══ ENTRIES PROVIDED ══

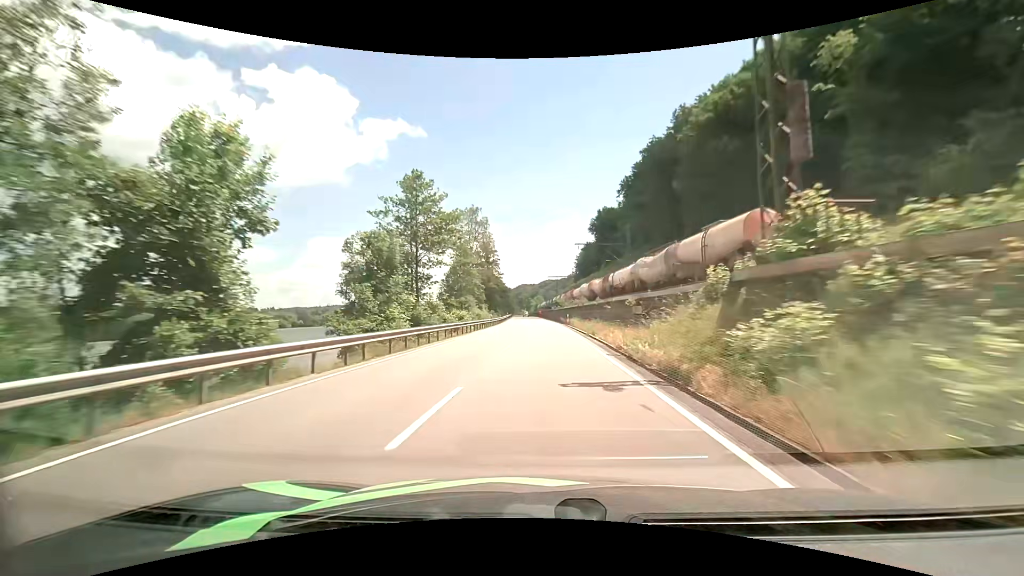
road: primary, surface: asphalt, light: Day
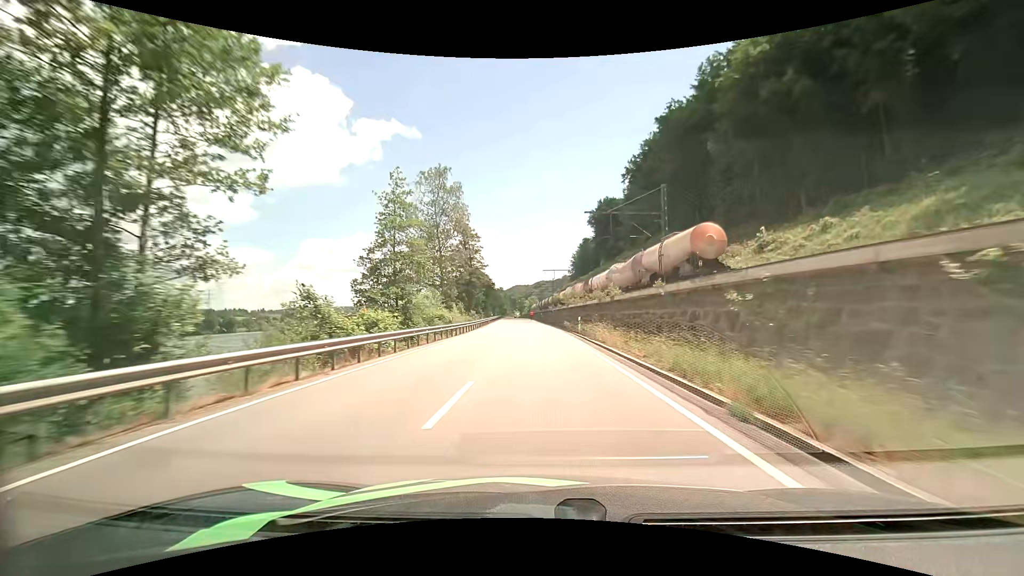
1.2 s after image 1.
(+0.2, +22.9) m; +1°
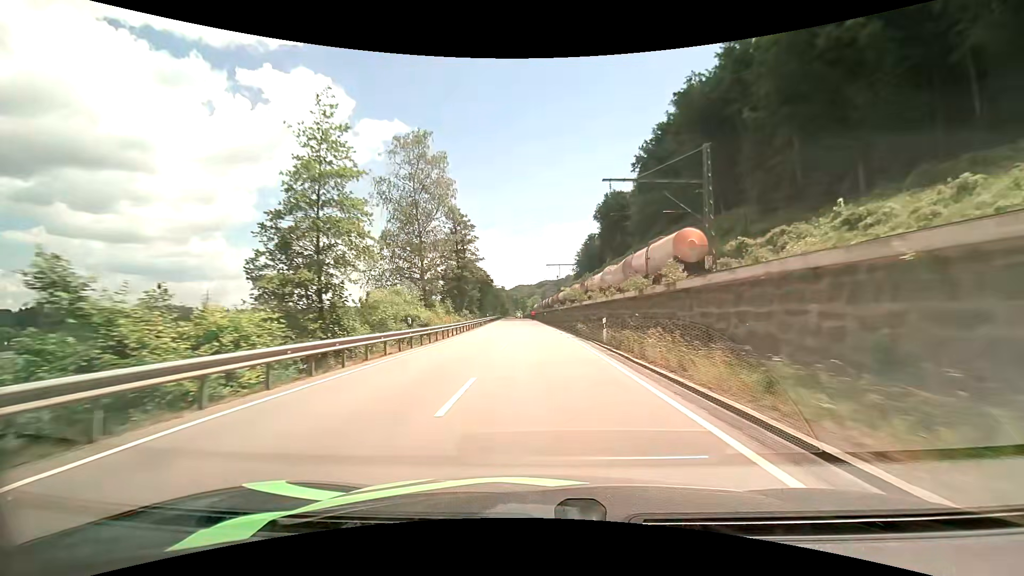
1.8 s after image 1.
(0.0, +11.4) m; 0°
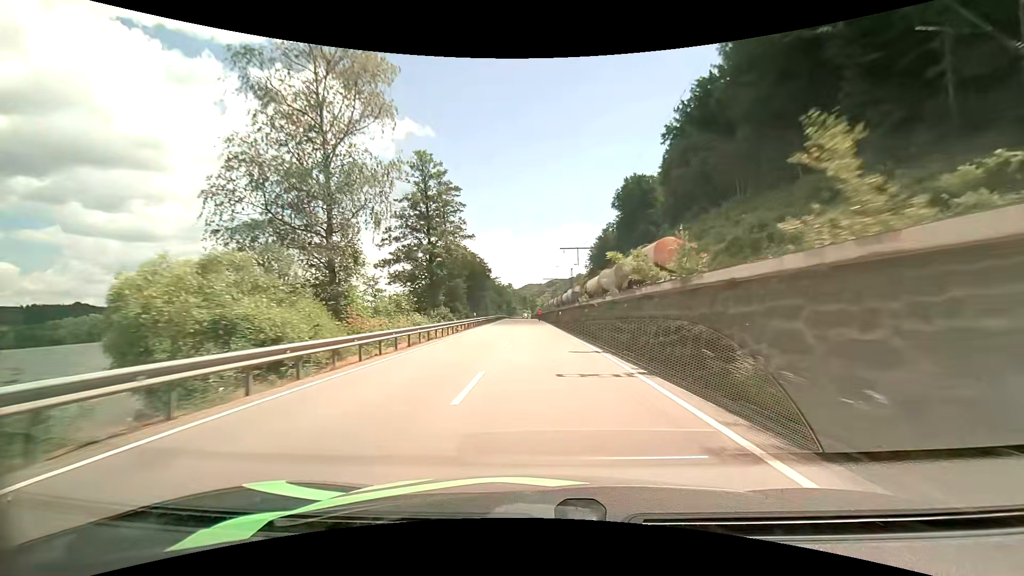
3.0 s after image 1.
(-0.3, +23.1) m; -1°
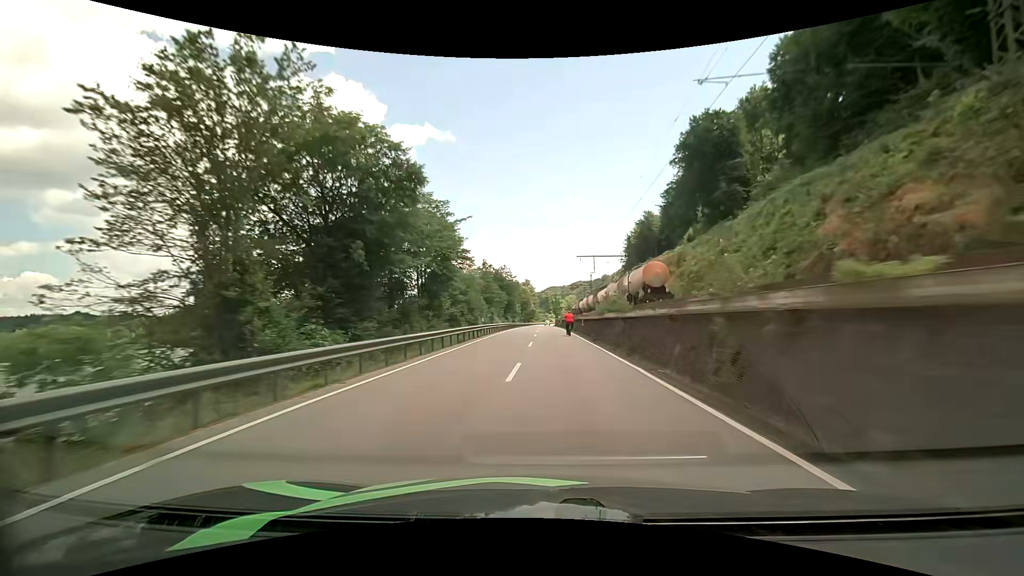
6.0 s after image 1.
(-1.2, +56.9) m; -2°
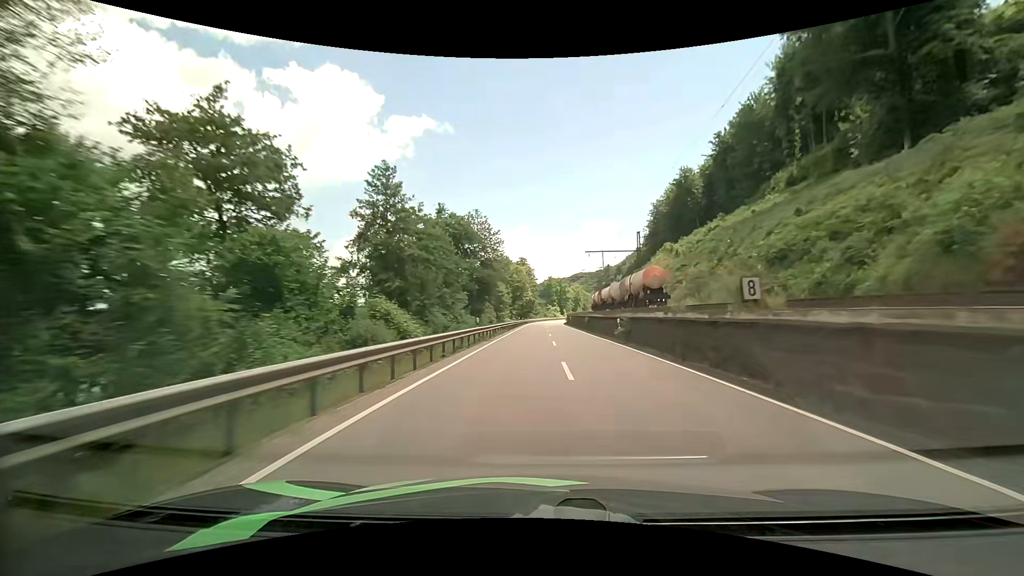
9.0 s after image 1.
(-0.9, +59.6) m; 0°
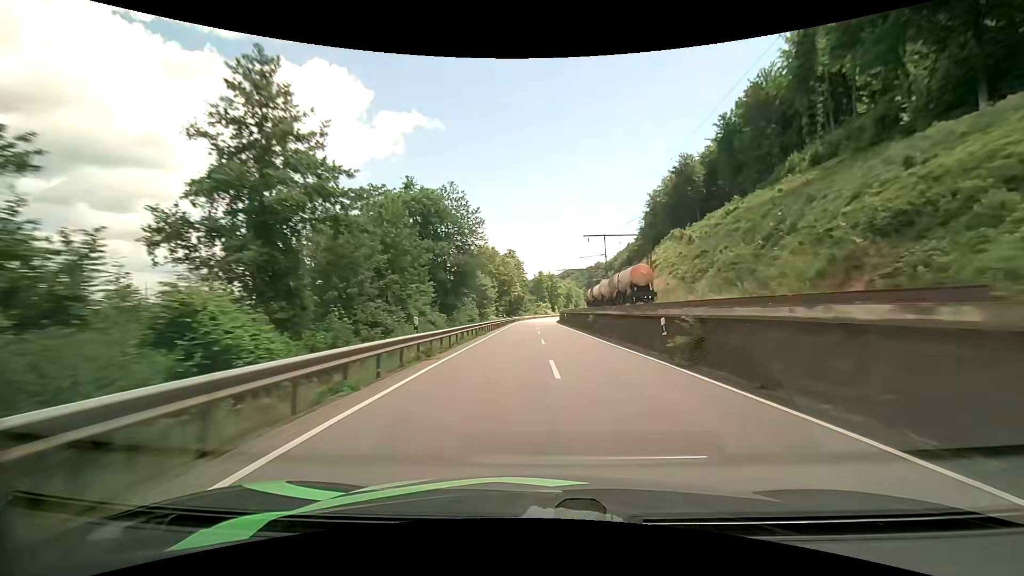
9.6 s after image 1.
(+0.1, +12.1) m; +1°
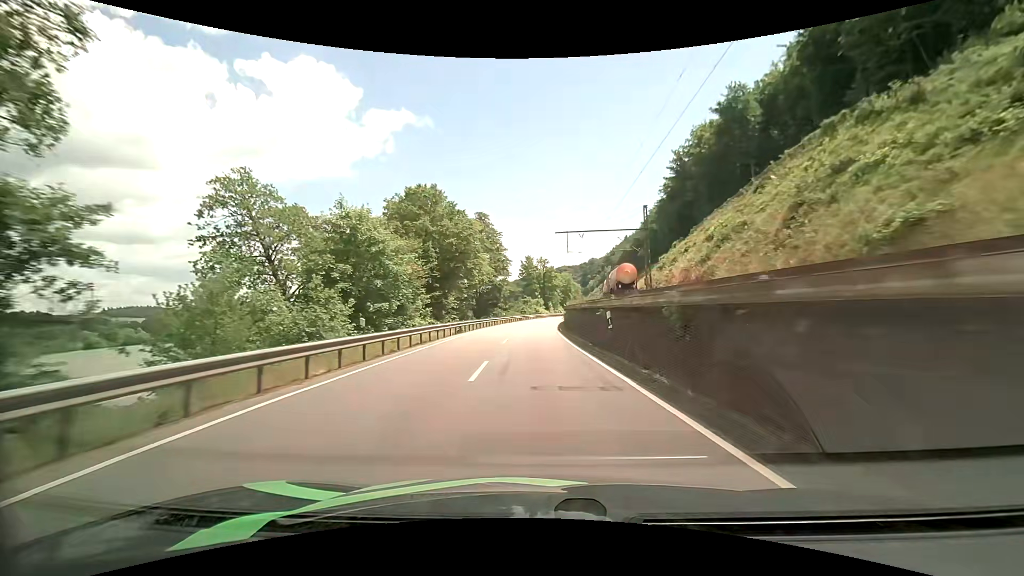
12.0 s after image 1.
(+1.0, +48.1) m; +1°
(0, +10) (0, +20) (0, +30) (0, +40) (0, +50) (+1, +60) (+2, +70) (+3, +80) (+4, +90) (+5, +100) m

═══

-- INSTRUCTIONS FOR THE TASK --
Each entry is to be transcribed verbatim, and any picture in it is to be skipped.

-- RESULT FOR THIS TASK --
road: primary, surface: asphalt, light: Day
1.2 s after image 1.
(+0.2, +22.9) m; +1°
1.8 s after image 1.
(0.0, +11.4) m; 0°
3.0 s after image 1.
(-0.3, +23.1) m; -1°
6.0 s after image 1.
(-1.2, +56.9) m; -2°
9.0 s after image 1.
(-0.9, +59.6) m; 0°
9.6 s after image 1.
(+0.1, +12.1) m; +1°
12.0 s after image 1.
(+1.0, +48.1) m; +1°
(0, +10) (0, +20) (0, +30) (0, +40) (0, +50) (+1, +60) (+2, +70) (+3, +80) (+4, +90) (+5, +100) m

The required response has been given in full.